What I don’t like is the condescending attitude, and reliance on scholastic achievements that were 20+ years ago. I can see you’re a smart guy, I don’t give a rat what you got on your SAT, that you tested out of college English, that your reading scores are off the chart, or that you got an A in financial accounting.

I have hundreds of articles and I almost never mention credentials. I mentioned them in this particular article because I thought that readers might want to see them so they could decide whether to trust the info or not, because readers understandably might not want to trust their taxes to someone they know nothing about. And if someone sees my credentials and thinks, "Not good enough" (e.g., not a CPA), that's fine, I can't argue with that, but I at least wanted to provide *some* reasons that some might consider the article credible enough. The web is filled with articles by people with no experience in the topic they're writing about, and it's a problem. Especially with gambling-related articles. When I read an article on just about any topic, I often look for some background on the author so I can decide whether they really know what they're talking about. I want to provide the same for my own readers on topics where getting it wrong could have serious consequences.

Quote: CrystalMath

This doesn’t give you the right to berate people.

Well, I agree with you. I just don't think I've done that. I don't consider it berating to ask people if they've read the article (when they ask questions that are directly answered in the article).

Quote: CrystalMath

He believes that...anyone who raises a question can’t or hasn’t read his article.

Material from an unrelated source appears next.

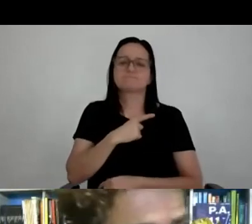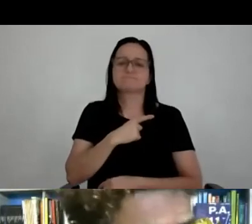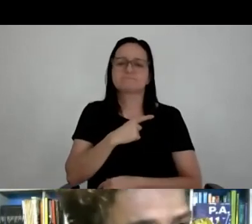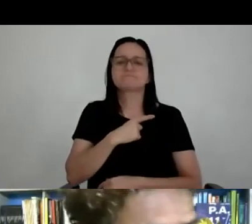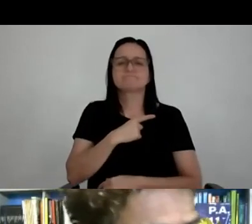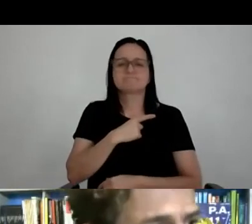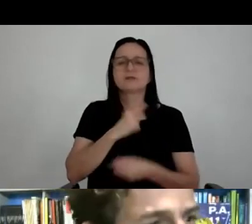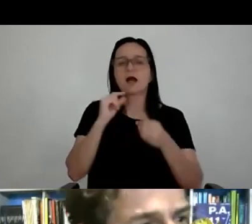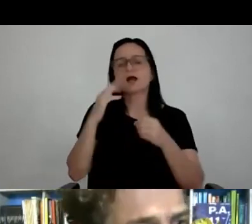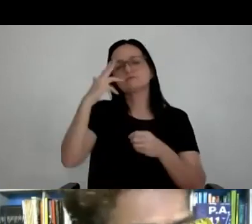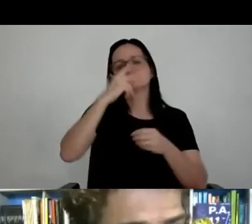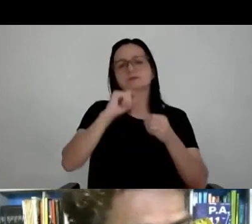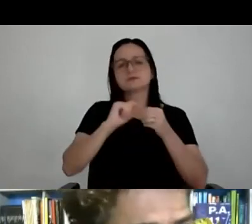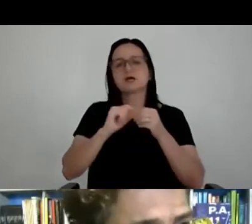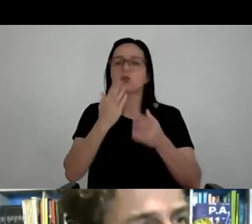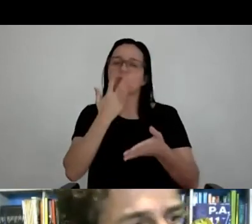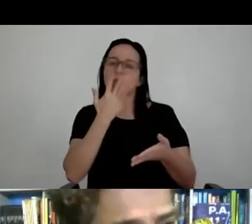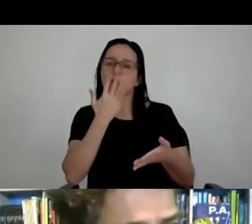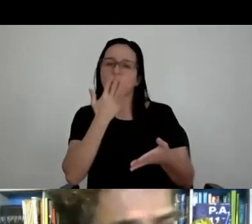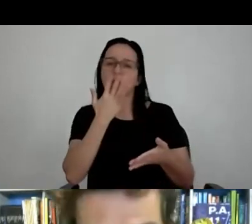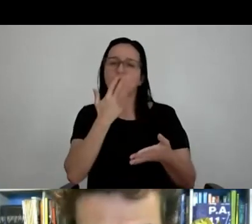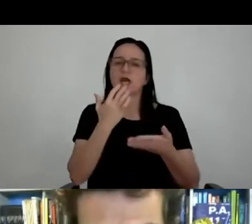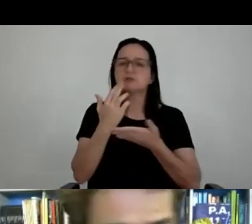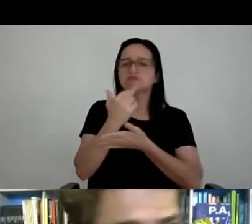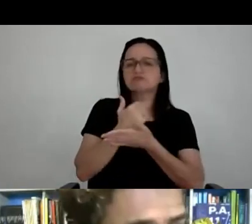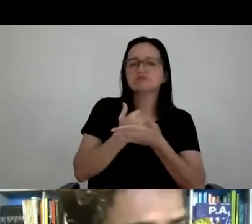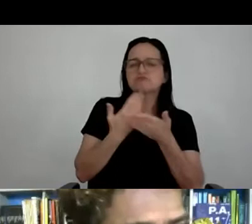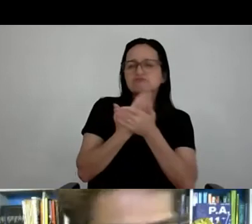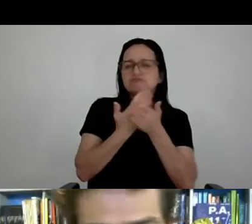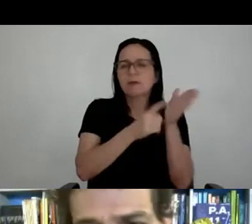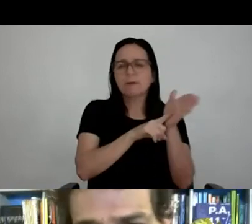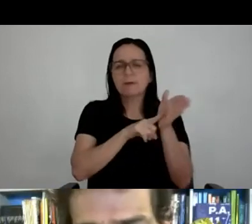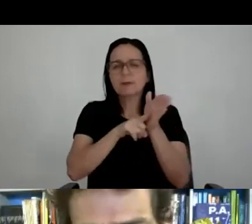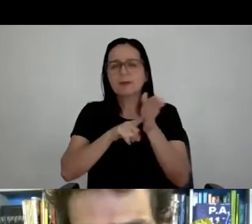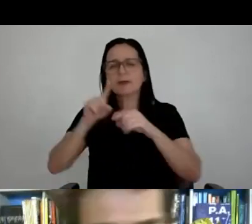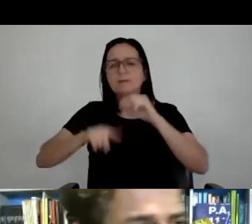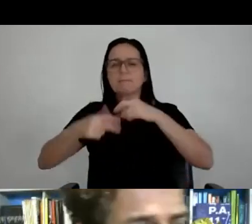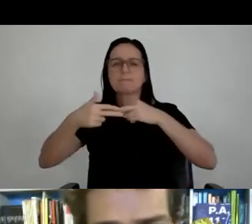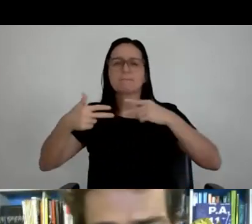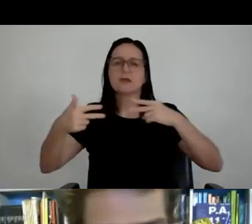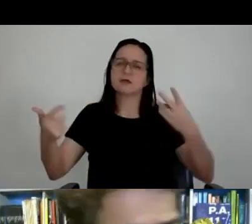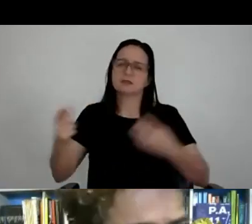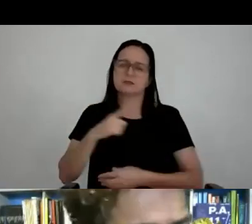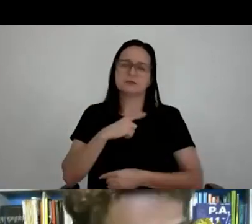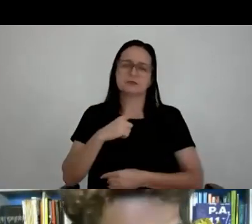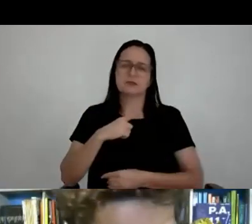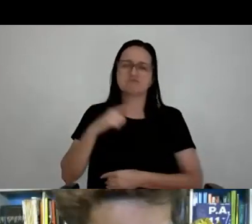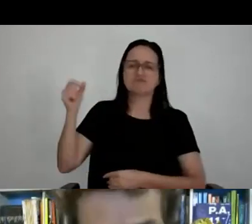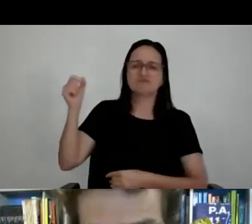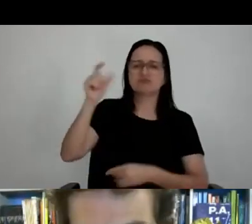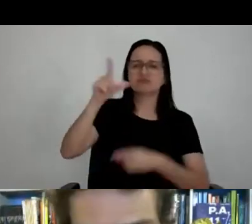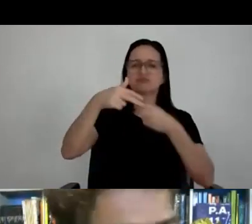imagem. Usamos as cores, criamos as peças, estudamos os materiais, fizemos com chapa galvanizada, soldazinha com tinta de

No, I believe that when someone raises a question that's covered in the article, that they haven't read the article. Especially when that question is directed to me.

Quote: CrystalMath

When he was a moderator, he would just delete other peoples responses that he didn’t like instead of just having an open dialogue.

This isn't true, and I think one of the rudest things a person can do is to ascribe actions to others that they didn't do.

Early on, when I saw rude posts (rude to other users, not to me), I clicked the "Flag" button, thinking that it would, you know, Flag them, for someone higher up to review. I didn't realize that as a semi-mod, clicking the Flag button would actually *delete* the post. Whoops.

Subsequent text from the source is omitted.